→ **What you need to do**:
Whenever a line in the entries includes the word "width", copy that line out.

───── Study material

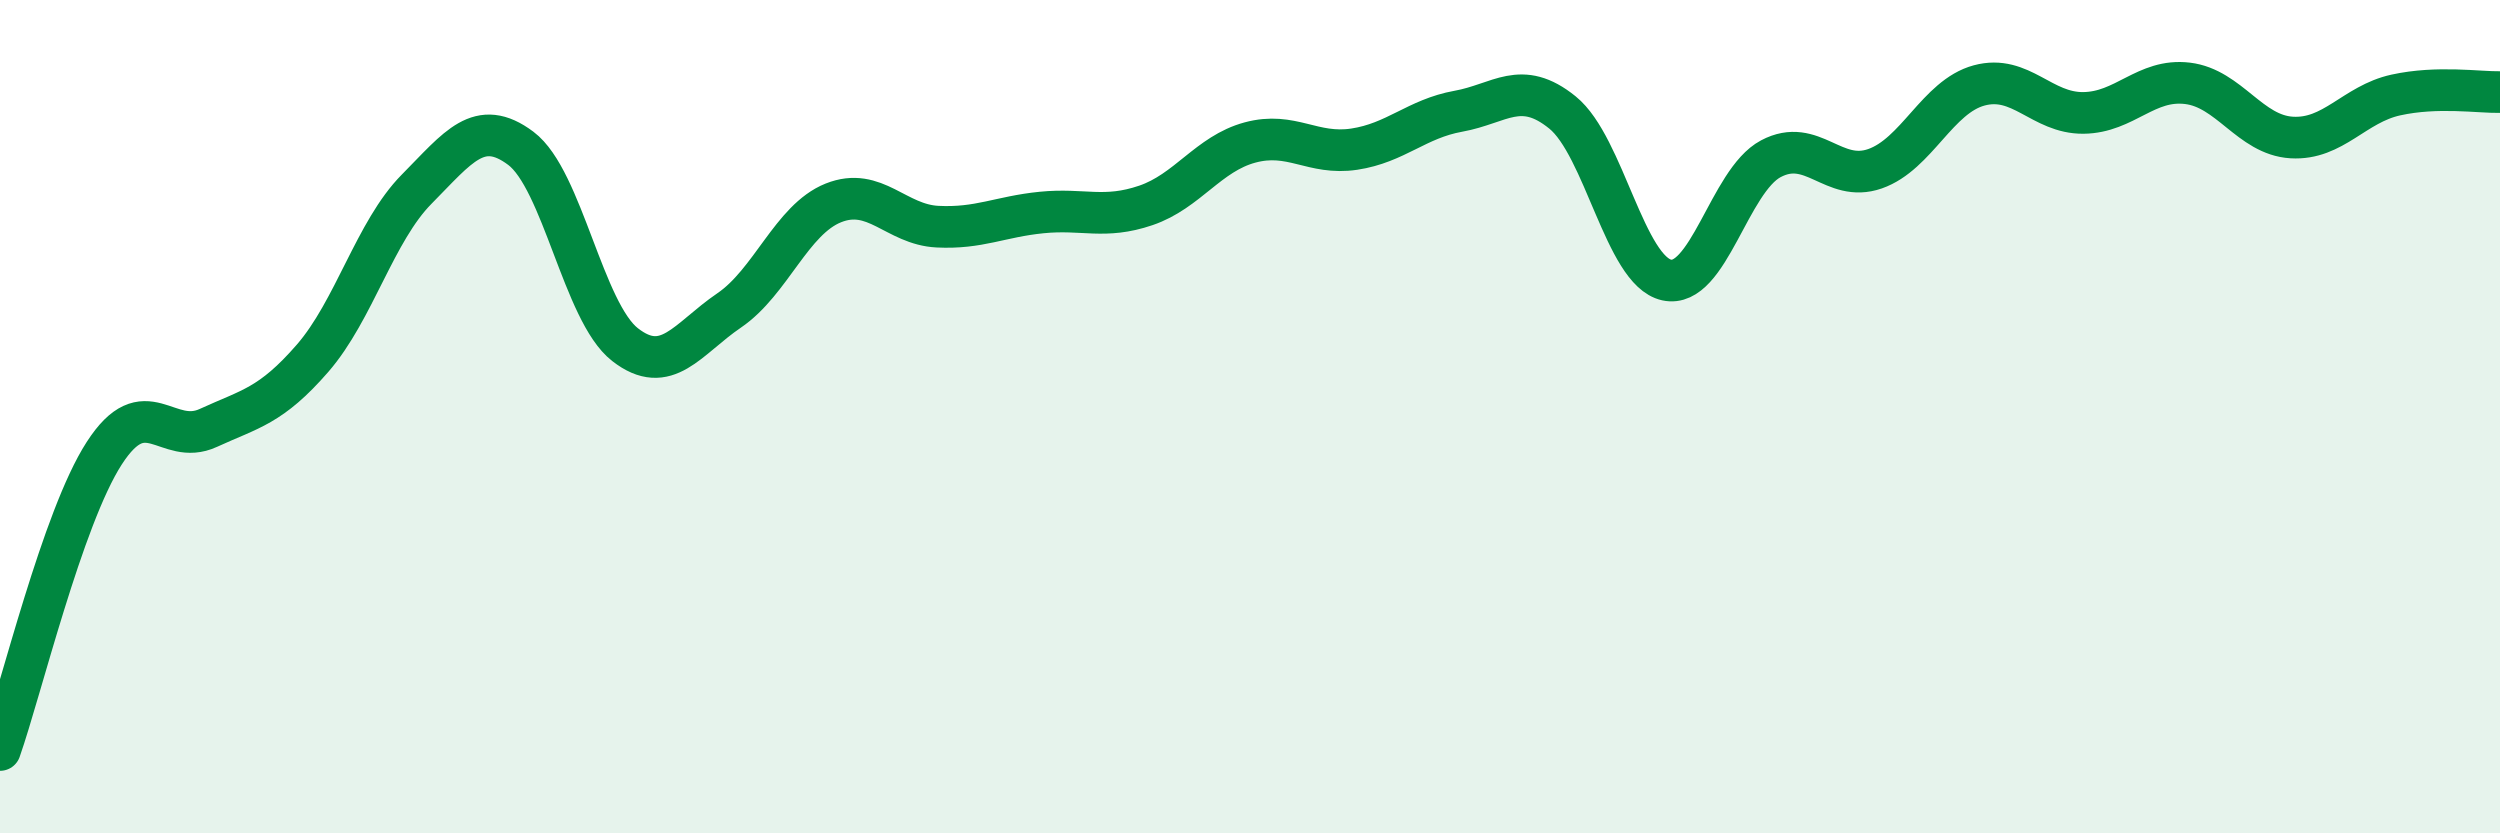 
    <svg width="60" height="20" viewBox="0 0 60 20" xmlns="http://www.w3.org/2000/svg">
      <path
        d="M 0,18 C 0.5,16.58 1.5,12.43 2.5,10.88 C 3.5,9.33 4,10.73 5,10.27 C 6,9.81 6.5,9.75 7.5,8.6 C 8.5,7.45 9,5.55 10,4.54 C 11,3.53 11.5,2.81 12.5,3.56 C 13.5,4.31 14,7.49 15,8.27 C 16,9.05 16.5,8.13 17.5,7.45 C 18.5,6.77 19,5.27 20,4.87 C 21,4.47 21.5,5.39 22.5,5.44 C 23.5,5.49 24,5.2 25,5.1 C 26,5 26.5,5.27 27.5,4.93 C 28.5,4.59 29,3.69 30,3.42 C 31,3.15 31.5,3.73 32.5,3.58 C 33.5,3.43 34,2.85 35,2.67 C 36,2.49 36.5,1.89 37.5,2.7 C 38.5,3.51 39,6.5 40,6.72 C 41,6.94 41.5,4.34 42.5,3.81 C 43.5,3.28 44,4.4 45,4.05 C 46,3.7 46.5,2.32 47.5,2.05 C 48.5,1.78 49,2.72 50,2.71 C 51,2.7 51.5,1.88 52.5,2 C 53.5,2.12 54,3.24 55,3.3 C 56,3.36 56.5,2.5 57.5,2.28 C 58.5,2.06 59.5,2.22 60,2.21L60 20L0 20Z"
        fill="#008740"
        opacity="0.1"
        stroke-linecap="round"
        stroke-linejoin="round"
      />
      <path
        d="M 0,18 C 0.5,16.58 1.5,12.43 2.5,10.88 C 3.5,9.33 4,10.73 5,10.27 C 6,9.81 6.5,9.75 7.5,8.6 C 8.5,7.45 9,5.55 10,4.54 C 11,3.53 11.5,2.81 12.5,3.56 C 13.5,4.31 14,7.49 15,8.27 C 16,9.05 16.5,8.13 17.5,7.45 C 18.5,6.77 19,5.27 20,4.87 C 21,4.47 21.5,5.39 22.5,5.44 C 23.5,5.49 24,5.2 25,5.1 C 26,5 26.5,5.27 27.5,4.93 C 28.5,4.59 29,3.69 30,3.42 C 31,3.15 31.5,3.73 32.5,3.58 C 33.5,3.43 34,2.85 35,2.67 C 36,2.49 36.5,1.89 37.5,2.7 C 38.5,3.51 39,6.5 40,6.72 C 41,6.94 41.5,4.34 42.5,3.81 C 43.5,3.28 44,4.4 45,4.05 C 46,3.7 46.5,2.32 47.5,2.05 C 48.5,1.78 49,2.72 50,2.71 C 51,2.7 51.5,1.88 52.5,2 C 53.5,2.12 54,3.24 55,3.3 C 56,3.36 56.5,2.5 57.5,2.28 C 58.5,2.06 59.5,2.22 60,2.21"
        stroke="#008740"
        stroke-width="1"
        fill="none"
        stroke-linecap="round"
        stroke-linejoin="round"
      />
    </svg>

──────────
───── Study material

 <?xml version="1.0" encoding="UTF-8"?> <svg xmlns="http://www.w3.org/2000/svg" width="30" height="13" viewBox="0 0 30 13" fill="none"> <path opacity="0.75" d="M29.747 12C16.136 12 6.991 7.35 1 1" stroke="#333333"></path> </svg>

──────────
───── Study material

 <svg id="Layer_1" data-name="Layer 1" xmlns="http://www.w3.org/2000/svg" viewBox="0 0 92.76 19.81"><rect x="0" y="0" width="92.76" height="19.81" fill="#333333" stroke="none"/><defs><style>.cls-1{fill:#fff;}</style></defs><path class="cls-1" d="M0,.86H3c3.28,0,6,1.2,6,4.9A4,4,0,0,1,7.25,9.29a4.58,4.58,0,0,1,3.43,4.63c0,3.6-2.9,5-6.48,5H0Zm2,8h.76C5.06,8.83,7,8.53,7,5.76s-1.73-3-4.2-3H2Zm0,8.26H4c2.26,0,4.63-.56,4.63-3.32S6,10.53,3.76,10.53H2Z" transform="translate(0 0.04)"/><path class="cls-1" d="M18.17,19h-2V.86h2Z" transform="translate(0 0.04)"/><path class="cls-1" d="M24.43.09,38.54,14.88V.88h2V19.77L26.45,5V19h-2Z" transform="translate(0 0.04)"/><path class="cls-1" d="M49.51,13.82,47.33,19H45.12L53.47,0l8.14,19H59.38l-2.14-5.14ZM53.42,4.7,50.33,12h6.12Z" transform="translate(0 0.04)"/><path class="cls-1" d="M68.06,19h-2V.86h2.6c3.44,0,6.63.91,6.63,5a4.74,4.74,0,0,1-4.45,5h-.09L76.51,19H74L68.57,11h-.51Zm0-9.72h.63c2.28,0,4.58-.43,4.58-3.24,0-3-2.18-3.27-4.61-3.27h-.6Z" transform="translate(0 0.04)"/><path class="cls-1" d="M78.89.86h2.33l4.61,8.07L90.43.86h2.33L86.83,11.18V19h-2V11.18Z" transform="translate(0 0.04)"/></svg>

──────────

→ **Reply**:
    <svg width="60" height="20" viewBox="0 0 60 20" xmlns="http://www.w3.org/2000/svg">
        stroke-width="1"
 <?xml version="1.0" encoding="UTF-8"?> <svg xmlns="http://www.w3.org/2000/svg" width="30" height="13" viewBox="0 0 30 13" fill="none"> <path opacity="0.75" d="M29.747 12C16.136 12 6.991 7.35 1 1" stroke="#333333"></path> </svg>
 <svg id="Layer_1" data-name="Layer 1" xmlns="http://www.w3.org/2000/svg" viewBox="0 0 92.76 19.81"><rect x="0" y="0" width="92.76" height="19.81" fill="#333333" stroke="none"/><defs><style>.cls-1{fill:#fff;}</style></defs><path class="cls-1" d="M0,.86H3c3.28,0,6,1.2,6,4.9A4,4,0,0,1,7.25,9.29a4.58,4.58,0,0,1,3.43,4.63c0,3.6-2.9,5-6.48,5H0Zm2,8h.76C5.06,8.83,7,8.53,7,5.76s-1.73-3-4.2-3H2Zm0,8.26H4c2.26,0,4.63-.56,4.63-3.32S6,10.53,3.76,10.53H2Z" transform="translate(0 0.04)"/><path class="cls-1" d="M18.17,19h-2V.86h2Z" transform="translate(0 0.04)"/><path class="cls-1" d="M24.43.09,38.54,14.88V.88h2V19.77L26.45,5V19h-2Z" transform="translate(0 0.04)"/><path class="cls-1" d="M49.51,13.82,47.33,19H45.12L53.47,0l8.14,19H59.38l-2.14-5.14ZM53.42,4.7,50.33,12h6.12Z" transform="translate(0 0.04)"/><path class="cls-1" d="M68.06,19h-2V.86h2.6c3.44,0,6.63.91,6.63,5a4.74,4.74,0,0,1-4.45,5h-.09L76.51,19H74L68.57,11h-.51Zm0-9.72h.63c2.28,0,4.58-.43,4.58-3.24,0-3-2.18-3.27-4.61-3.27h-.6Z" transform="translate(0 0.04)"/><path class="cls-1" d="M78.89.86h2.33l4.61,8.07L90.43.86h2.33L86.83,11.18V19h-2V11.18Z" transform="translate(0 0.04)"/></svg>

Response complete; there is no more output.